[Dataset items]
-=-=-=-=-
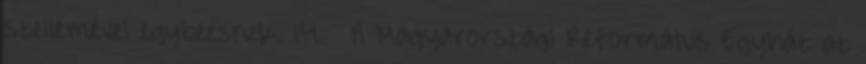
szellemével egybeesnek. 14. § A Magyarországi Református Egyház az
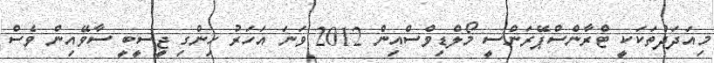
މިއަދަދުތަކަކީ ޓްރާންސްޕޭރަންސީ މޯލްޑިވްސްއިން 2012 ވަނަ އަހަރު ހިންގި ޖީސީބީ ސާވޭއިން ވެސް
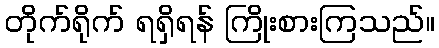
တိုက်ရိုက် ရရှိရန် ကြိုးစားကြသည်။
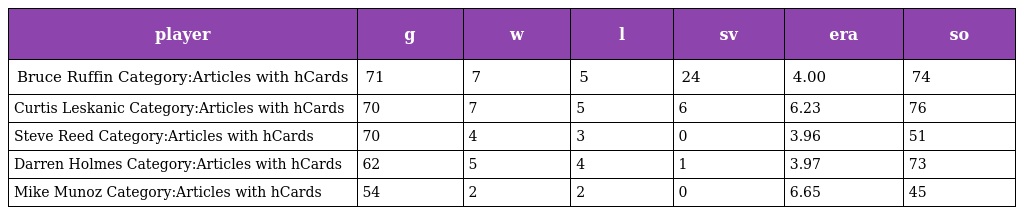
| player | g | w | l | sv | era | so |
 | --- | --- | --- | --- | --- | --- | --- |
 | Bruce Ruffin Category:Articles with hCards | 71 | 7 | 5 | 24 | 4.00 | 74 |
 | Curtis Leskanic Category:Articles with hCards | 70 | 7 | 5 | 6 | 6.23 | 76 |
 | Steve Reed Category:Articles with hCards | 70 | 4 | 3 | 0 | 3.96 | 51 |
 | Darren Holmes Category:Articles with hCards | 62 | 5 | 4 | 1 | 3.97 | 73 |
 | Mike Munoz Category:Articles with hCards | 54 | 2 | 2 | 0 | 6.65 | 45 |
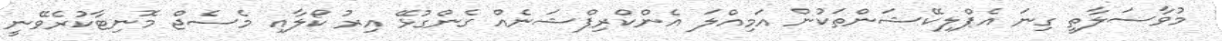
މުވާސަލާތީ ގިނަ އެޕްލިކޭޝަންތަކުން އަމިއްލަ އެންކްރިޕްޝަނެއް ގެންގުޅޭ އިރު ކޯލާއި މެސެޖް މޮނިޓާކުރެވޭނީ
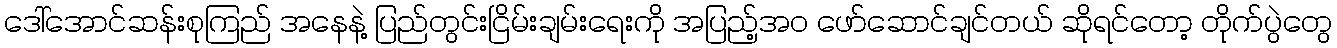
-=-=-=-=-
> **INSTRUCTIONS FOR THE TASK**
The lines to return are those in the entries above that include "hCards".

> **TASK OUTPUT**
 | Bruce Ruffin Category:Articles with hCards | 71 | 7 | 5 | 24 | 4.00 | 74 |
 | Curtis Leskanic Category:Articles with hCards | 70 | 7 | 5 | 6 | 6.23 | 76 |
 | Steve Reed Category:Articles with hCards | 70 | 4 | 3 | 0 | 3.96 | 51 |
 | Darren Holmes Category:Articles with hCards | 62 | 5 | 4 | 1 | 3.97 | 73 |
 | Mike Munoz Category:Articles with hCards | 54 | 2 | 2 | 0 | 6.65 | 45 |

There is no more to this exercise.